Sea Power have also worked on film soundtracks, rescoring a 1934 Irish fictional documentary called Man of Aran – an experience that helped Wilkinson know what to expect from creating a game soundtrack, even if there were some key differences.
“Games are a little more easygoing with regards to timing,” he says. “With film, it’s often important to hit cues and you know exactly when different moods need to change direction. It can be more mathematical. The game needed more general mood textures to sit behind scenes, and blend into and enhance the feeling of various parts of the world. I would definitely work on more games. I love games like Disco Elysium, although they are a very rare thing.”
This spring, Sea Power are embarking on a mini tour named Soundtracks Live. The set will feature various Disco Elysium songs, work from the Man of Aran soundtrack, and various tracks from another documentary feature film, From the Sea to the Land Beyond. Wilkinson is excited about the prospect of performing these tracks live – especially for an audience of Disco Elysium fans.
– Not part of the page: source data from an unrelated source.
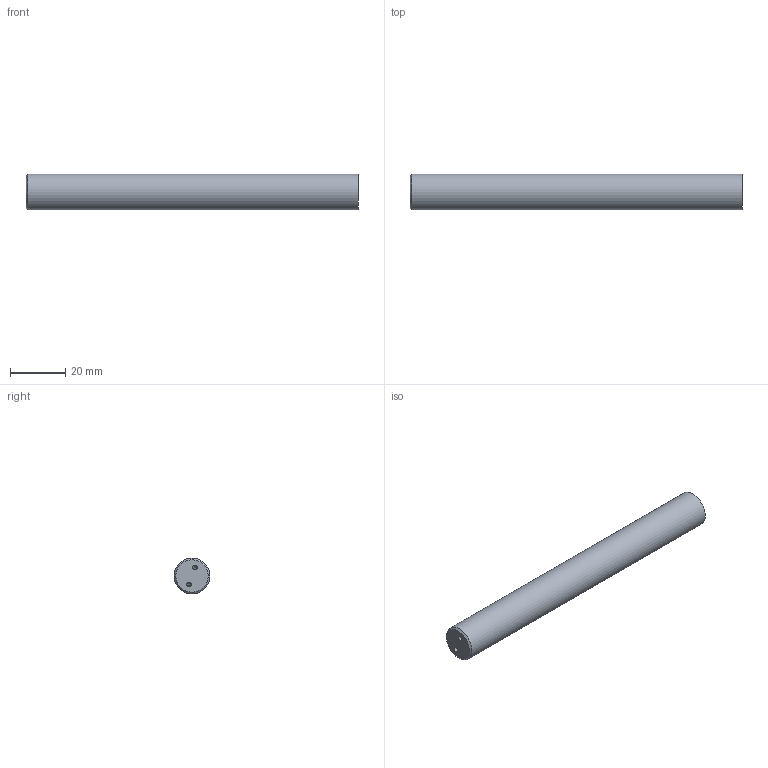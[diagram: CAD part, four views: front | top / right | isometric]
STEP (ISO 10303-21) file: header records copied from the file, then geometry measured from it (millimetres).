
FILE_DESCRIPTION(('Open CASCADE Model'),'2;1');
FILE_NAME('Open CASCADE Shape Model','2024-07-30T00:14:23',('Author'),( 'Open CASCADE'),'Open CASCADE STEP processor 7.7','Open CASCADE 7.7' ,'Unknown');
FILE_SCHEMA(('AUTOMOTIVE_DESIGN { 1 0 10303 214 1 1 1 1 }'));
Length unit declared in the file: millimetre
Products named in the file (1): Open CASCADE STEP translator 7.7 243
Bounding box: 120 x 13 x 13 mm (x, y, z)
Volume: 15342.3 mm3; surface area: 6487.2 mm2
Topology: 1 solids, 1 shells, 6 faces, 11 edges, 7 vertices
Faces by surface type: plane 2, bspline 2, cylinder 1, cone 1
Full cylindrical faces by diameter (mm): 13 x1
Entity records: 633 total; most frequent: CARTESIAN_POINT 415, DIRECTION 32, ORIENTED_EDGE 22, PCURVE 22, DEFINITIONAL_REPRESENTATION 22, LINE 14, VECTOR 14, EDGE_CURVE 11
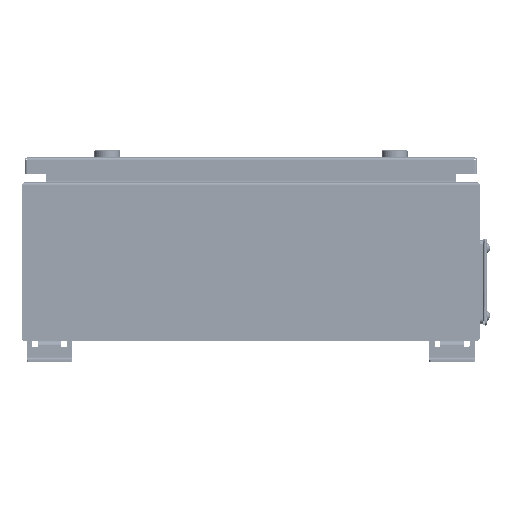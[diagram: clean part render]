
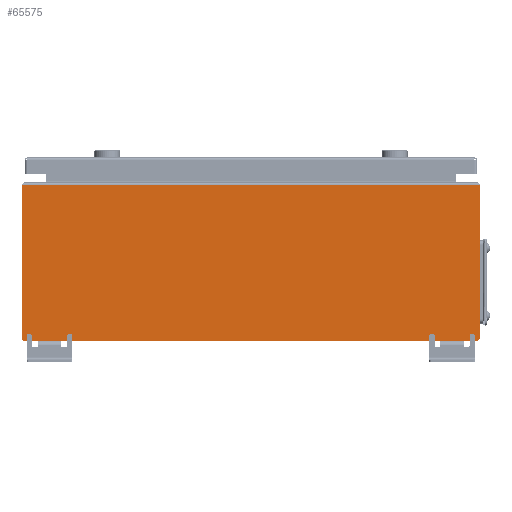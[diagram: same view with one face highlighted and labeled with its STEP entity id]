
A CAD part, left-side view. The second image highlights one B-rep face of the part: STEP entity #65575.
In plain terms, the highlighted planar face has unit normal (-1, 0, 0).
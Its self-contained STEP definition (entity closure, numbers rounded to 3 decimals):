
#437 = DIRECTION ( 'NONE',  ( 0., 0., 1. ) ) ;
#894 = LINE ( 'NONE', #7957, #63894 ) ;
#1639 = VERTEX_POINT ( 'NONE', #34778 ) ;
#3585 = AXIS2_PLACEMENT_3D ( 'NONE', #62936, #27812, #72558 ) ;
#3694 = PLANE ( 'NONE',  #61298 ) ;
#4043 = CARTESIAN_POINT ( 'NONE',  ( -1.5, 0., 0. ) ) ;
#7657 = ORIENTED_EDGE ( 'NONE', *, *, #38359, .F. ) ;
#7957 = CARTESIAN_POINT ( 'NONE',  ( -1.5, -250., -86.5 ) ) ;
#8555 = DIRECTION ( 'NONE',  ( 0., 0., -1. ) ) ;
#8874 = CARTESIAN_POINT ( 'NONE',  ( -1.5, -250., 83.5 ) ) ;
#10408 = VERTEX_POINT ( 'NONE', #13837 ) ;
#13304 = VECTOR ( 'NONE', #28134, 1000. ) ;
#13837 = CARTESIAN_POINT ( 'NONE',  ( -1.5, -247., -86.5 ) ) ;
#15136 = DIRECTION ( 'NONE',  ( -1., 0., 0. ) ) ;
#15193 = ORIENTED_EDGE ( 'NONE', *, *, #31805, .T. ) ;
#15702 = CIRCLE ( 'NONE', #55784, 3. ) ;
#15908 = LINE ( 'NONE', #59163, #60271 ) ;
#20194 = CARTESIAN_POINT ( 'NONE',  ( -1.5, -250., -83.5 ) ) ;
#21859 = CARTESIAN_POINT ( 'NONE',  ( -1.5, 250., 86.5 ) ) ;
#22572 = EDGE_CURVE ( 'NONE', #48479, #31544, #30498, .T. ) ;
#22804 = ORIENTED_EDGE ( 'NONE', *, *, #40208, .T. ) ;
#24528 = VERTEX_POINT ( 'NONE', #20194 ) ;
#24925 = CARTESIAN_POINT ( 'NONE',  ( -1.5, -250., 83.5 ) ) ;
#27812 = DIRECTION ( 'NONE',  ( -1., 0., 0. ) ) ;
#28134 = DIRECTION ( 'NONE',  ( 0., 0., 1. ) ) ;
#29690 = DIRECTION ( 'NONE',  ( -1., 0., 0. ) ) ;
#29744 = CARTESIAN_POINT ( 'NONE',  ( -1.5, 250., 83.5 ) ) ;
#30153 = DIRECTION ( 'NONE',  ( 0., 1., 0. ) ) ;
#30498 = LINE ( 'NONE', #24925, #72949 ) ;
#31544 = VERTEX_POINT ( 'NONE', #29744 ) ;
#31805 = EDGE_CURVE ( 'NONE', #10408, #24528, #41421, .T. ) ;
#32169 = EDGE_CURVE ( 'NONE', #48479, #24528, #15908, .T. ) ;
#34778 = CARTESIAN_POINT ( 'NONE',  ( -1.5, 247., -86.5 ) ) ;
#35084 = ORIENTED_EDGE ( 'NONE', *, *, #58501, .F. ) ;
#37715 = DIRECTION ( 'NONE',  ( 0., 0., 1. ) ) ;
#38359 = EDGE_CURVE ( 'NONE', #44712, #31544, #67352, .T. ) ;
#38807 = ORIENTED_EDGE ( 'NONE', *, *, #32169, .F. ) ;
#40208 = EDGE_CURVE ( 'NONE', #44712, #1639, #15702, .T. ) ;
#41421 = CIRCLE ( 'NONE', #3585, 3. ) ;
#42928 = ORIENTED_EDGE ( 'NONE', *, *, #22572, .T. ) ;
#43388 = DIRECTION ( 'NONE',  ( 0., 1., 0. ) ) ;
#44712 = VERTEX_POINT ( 'NONE', #57693 ) ;
#48479 = VERTEX_POINT ( 'NONE', #8874 ) ;
#52993 = EDGE_LOOP ( 'NONE', ( #35084, #15193, #38807, #42928, #7657, #22804 ) ) ;
#54321 = FACE_OUTER_BOUND ( 'NONE', #52993, .T. ) ;
#55784 = AXIS2_PLACEMENT_3D ( 'NONE', #68900, #29690, #437 ) ;
#57693 = CARTESIAN_POINT ( 'NONE',  ( -1.5, 250., -83.5 ) ) ;
#58501 = EDGE_CURVE ( 'NONE', #10408, #1639, #894, .T. ) ;
#59163 = CARTESIAN_POINT ( 'NONE',  ( -1.5, -250., 86.5 ) ) ;
#60271 = VECTOR ( 'NONE', #8555, 1000. ) ;
#61298 = AXIS2_PLACEMENT_3D ( 'NONE', #4043, #15136, #37715 ) ;
#62936 = CARTESIAN_POINT ( 'NONE',  ( -1.5, -247., -83.5 ) ) ;
#63894 = VECTOR ( 'NONE', #30153, 1000. ) ;
#65575 = ADVANCED_FACE ( 'NONE', ( #54321 ), #3694, .T. ) ;
#67352 = LINE ( 'NONE', #21859, #13304 ) ;
#68900 = CARTESIAN_POINT ( 'NONE',  ( -1.5, 247., -83.5 ) ) ;
#72558 = DIRECTION ( 'NONE',  ( 0., 0., 1. ) ) ;
#72949 = VECTOR ( 'NONE', #43388, 1000. ) ;

“We have had a noticeable growth in listeners since [the game was released],” he says. “They seem like a cool and thoughtful bunch, these Disco Elysium players. They are appreciated. The odd drunken detective has been sighted along the crash barrier at gigs.”
The relationship between Disco Elysium and Sea Power has been symbiotic; they have given new life to each other. Sea Power have seen a swell in listeners as a result of the game, and existing Sea Power fans discovered a new love for video games as a result of the collaboration. And the relationship is still evolving.
“On our first meeting, [Kurvitz] did tell me that he had worked very hard on re-ordering the track list to our album Valhalla Dancehall,” smiles Wilkinson. “Hmm, Valhalla Dancehall, Disco Elysium … could there be a link of some kind?” The band are now considering this revised track list for the album’s anniversary reissue. “He is very talented and intelligent. So are all the game’s core creators. I don’t think many people notice all the little nods to the world of Sea Power through the game. It was strange when it became such a huge hit around the world, and we were proud to be a part of its story.
“And, of course,” he nods, “we got a Bafta out of it, too, which would have been unlikely to happen to us otherwise.”